Em nós em vós intacta a soberana percepção da herança/não a de alfaias ou de espaço dado porém a graça/antiga de entender as fontes do sentir e a voz excessiva/de quem governa a sede e predispõe à glória.

(Est. XI, p. 61)

Tal como «Intacta está guardada a força original/ do sangue antigo que garante a cor» (Est. VI, p. 60). Garantida está também a «[…]dignidade que cabe aos corpos/ quando assumem livres a cor que os faz florir da cor da terra» (Est. VII, p. 60), uma verdade interior aos sentidos do eu poético, dita pelo discurso da evidência, na mesma

certeza com que é “cantada” e mostrada, nas estrofes IV e V, a hora do crepúsculo que, em cada dia, cai nos estuários dos grandes rios africanos.

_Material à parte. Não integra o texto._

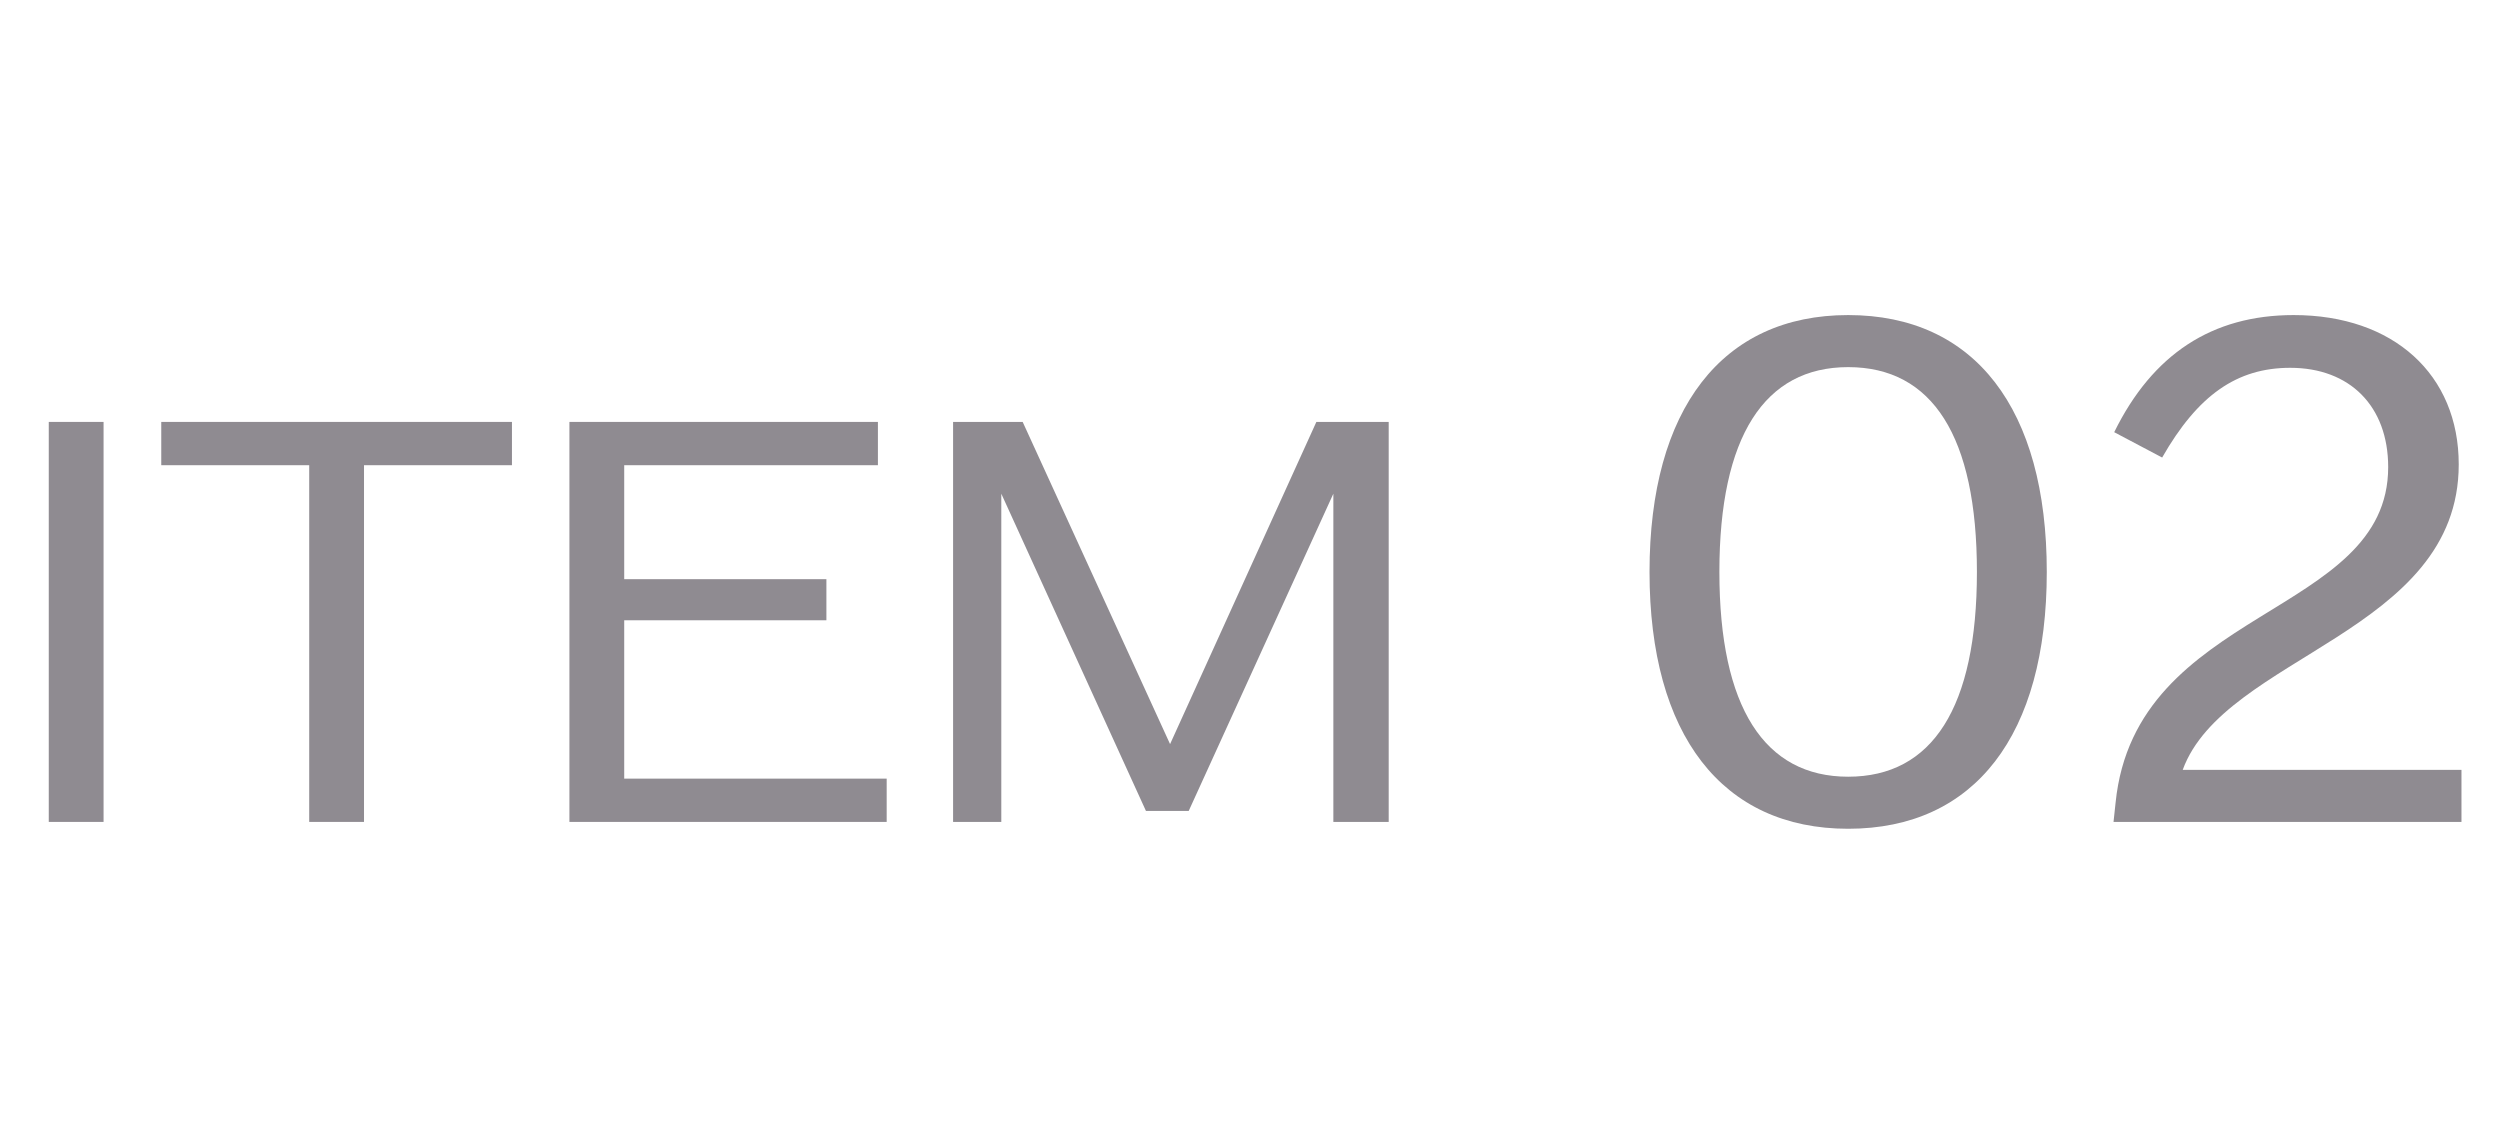 <svg width="73" height="33" viewBox="0 0 73 33" fill="none" xmlns="http://www.w3.org/2000/svg">
<path d="M63.735 22.48H71.875V24H61.715L61.775 23.44C62.355 17.7 69.735 18.02 69.735 13.64C69.735 11.86 68.615 10.74 66.875 10.74C65.315 10.74 64.175 11.54 63.135 13.36L61.735 12.62C62.855 10.34 64.595 9.2 66.975 9.2C69.895 9.2 71.795 10.94 71.795 13.56C71.795 18.48 64.955 19.14 63.735 22.48Z" fill="#8F8B91"/>
<path d="M53.966 24.2C50.286 24.2 48.166 21.46 48.166 16.7C48.166 11.94 50.286 9.2 53.966 9.2C57.666 9.2 59.766 11.94 59.766 16.7C59.766 21.46 57.666 24.2 53.966 24.2ZM53.966 22.68C56.426 22.68 57.726 20.66 57.726 16.7C57.726 12.74 56.426 10.72 53.966 10.72C51.526 10.72 50.206 12.74 50.206 16.7C50.206 20.66 51.526 22.68 53.966 22.68Z" fill="#8F8B91"/>
<path d="M38.438 12.32H40.55V24H38.934V14.416L34.71 23.68H33.462L29.238 14.416V24H27.83V12.32H29.862L34.166 21.728L38.438 12.32Z" fill="#8F8B91"/>
<path d="M18.227 22.736H25.891V24H16.627V12.32H25.635V13.584H18.227V16.912H24.131V18.112H18.227V22.736Z" fill="#8F8B91"/>
<path d="M14.949 12.32V13.584H10.629V24H9.029V13.584H4.709V12.32H14.949Z" fill="#8F8B91"/>
<path d="M1.424 24V12.32H3.024V24H1.424Z" fill="#8F8B91"/>
</svg>

A «cor» de que fala o texto é a cor dos corpos que guardam a força original do sangue antigo, mas é também a cor dos que, seguindo a enunciação poética, assumiram livremente a cor da terra, na sua inteira identificação com ela, a cor dos campos de Setembro, com que se confunde a cor em que se transmuta o sujeito poético: «Confundirei […] a minha cor aos campos de Setembro» (Est. III, vv. 5, 6). É também a cor ardente da vontade que «[…]mantém o tom da combustão com o sol» (Est. XXI, v.1, p. 70); a cor apresentada como noção liberta de fronteiras - «acesa a cor para além destas fronteiras.» (Est. I, v. 9, p. 62) - , a cor dada, ao invés, pela geografia vivida e escolhida, daqueles que no chão africano partilharam abundância e carências - «e a geografia que nos deu a cor:» (Est. XXII, v. 2, p. 71). É ainda a cor dignificada pela luta - «para conquistar o mar e devolver/à cor o seu sentido e a dignidade.» (Est. II, vv.10, 11, p. 62) - , num projecto nacional sem muros, que se propõe resgatar a dignidade humana dos corpos e da sua cor - «[…]e construir uma nação sem muros/onde se expanda o eco da alegria/cavada em vossos peitos/pelo resgatar dos corpos e da cor» (Est. XXVI, vv. 5-8).